CB: Instead of reading about my HIV-positive status in the school newspaper,
I preferred my close friends hear of it from me. With this in mind, I
devoted the three days between the newspaper interview and its publication
to a series of conversations apprising my friends of the situation. One
of these individuals was the Director of Composition. While he expressed
concern about my health, he was alarmed with the effect my “coming
out” in the paper might have on my students. Suggesting I had enough
to contend with and would be better served without the additional responsibility
of teaching, my boss advised me to take the remainder of the semester
off. In lieu of teaching, I was expected to assist in the Composition
office, a form of desk duty. Because I respected this individual and did
not, at the time, wish to consider his line of thinking as discriminatory,
I abided by his decision.
CB: The newspaper was published to great fanfare. I received an immeasurable
amount of support from various members of the campus community, most notably
in the form of invitations to present experiential-based AIDS programs
for several classes and student organizations. In the weeks following
the newspaper’s publication, I had the opportunity to process my
boss’s decision which I could clearly see was specious. At the end
of the semester, I attended a meeting with him wherein I was given permission
to teach the following semester, but only with the stipulation that I
teach an “approved” syllabus, one he would devise for me.

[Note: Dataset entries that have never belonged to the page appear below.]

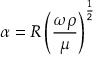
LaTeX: \alpha = R \left( { \frac { \omega \rho } { \mu } } \right) ^ { \frac { 1 } { 2 } }
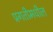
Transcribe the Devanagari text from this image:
प्रगतीमधील
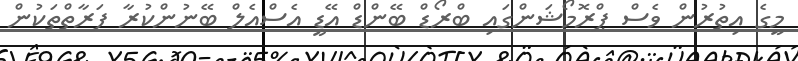
މީގެ އިތުރުން ވެސް ޕްރޮމޯޝަންގައި ބްރޯޑް ބޭންޑް އޭޑީ އެސްއެލް ބޭނުންކުރާ ފަރާތްތަކުން
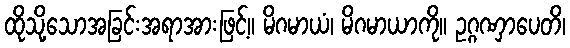
ထိုသို့သောအခြင်းအရာအားဖြင့်။ မိဂမာယံ၊ မိဂမာယာကို။ ဥဂ္ဂဏှာပေတိ၊
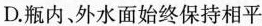
D. 瓶内，外水面始终保持相平
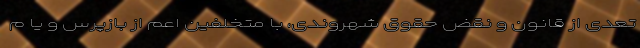
تعدی از قانون و نقض حقوق شهروندی، با متخلفین اعم از بازپرس و یا م
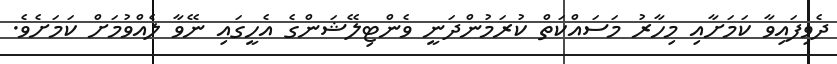
ދެވިފައިވާ ކަމަށާއި މިހާރު މަސައްކަތް ކުރަމުންދަނީ ވެންޓިލޭޝަންގެ އެހީގައި ނޭވާ ލެއްވުމަށް ކަމަށެވެ.
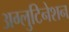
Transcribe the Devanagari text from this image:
अग्लुटिनेशन
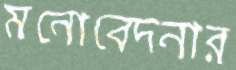
মনোবেদনার
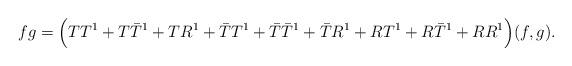
LaTeX: \begin{align*} fg=\Big(TT^1+T\bar{T}^1+TR^1+\bar{T}T^1+\bar{T}\bar{T}^1+\bar{T}R^1+RT^1+R\bar{T}^1+RR^1\Big)(f,g).\end{align*}
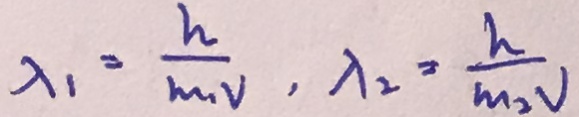
\lambda _ { 1 } = \frac { h } { m _ { 1 } v } , \lambda _ { 2 } = \frac { h } { m _ { 2 } v }
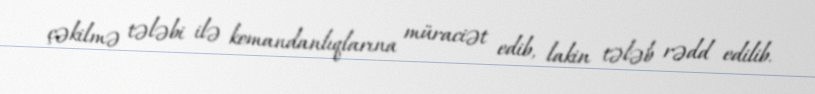
çəkilmə tələbi ilə komandanlıqlarına müraciət edib, lakin tələb rədd edilib.
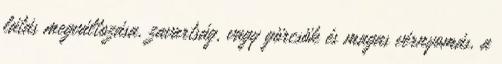
látás megváltozása, zavartság, vagy görcsök és magas vérnyomás, a
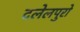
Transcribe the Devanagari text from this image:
दलेलपुरो
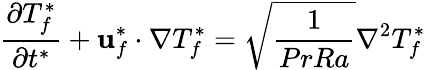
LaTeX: \frac{\partial T_{f}^{*}}{\partial t^{*}}+\mathbf{u}_{f}^{*}\cdot\nabla T_{f}^{*}=\sqrt{\frac{1}{PrRa}}\nabla^{2}T_{f}^{*}

In essence, I had to decide if I wanted to continue in a graduate program
that prides itself on granting its students teaching autonomy, yet asks
me to accept differential treatment. It took me less than a minute to
come to a decision. In addition to declining the offer, I chose not to
enroll in classes the following semester, effectively terminating my relationship
with the English Department and, by extension, the university.
CB: In retrospect, my experience at the university was a particularly
heuristic one in terms of my personal identity development. There I was
at the time of my HIV diagnosis: a black gay man teaching a Women’s
Studies-themed class. This seems to be the sort of diversity higher education
in the late 20th/early 21st century strives for. Nevertheless, my teaching
duties were relieved because I added the tenet of HIV-positive not to
my curriculum, but to my identity. This puzzles me, especially considering
I had integrated an AIDS component in the previous class I taught. The
dynamic is peculiar: I could talk about HIV from a theoretical perspective,
but I could not teach as an HIV-positive person.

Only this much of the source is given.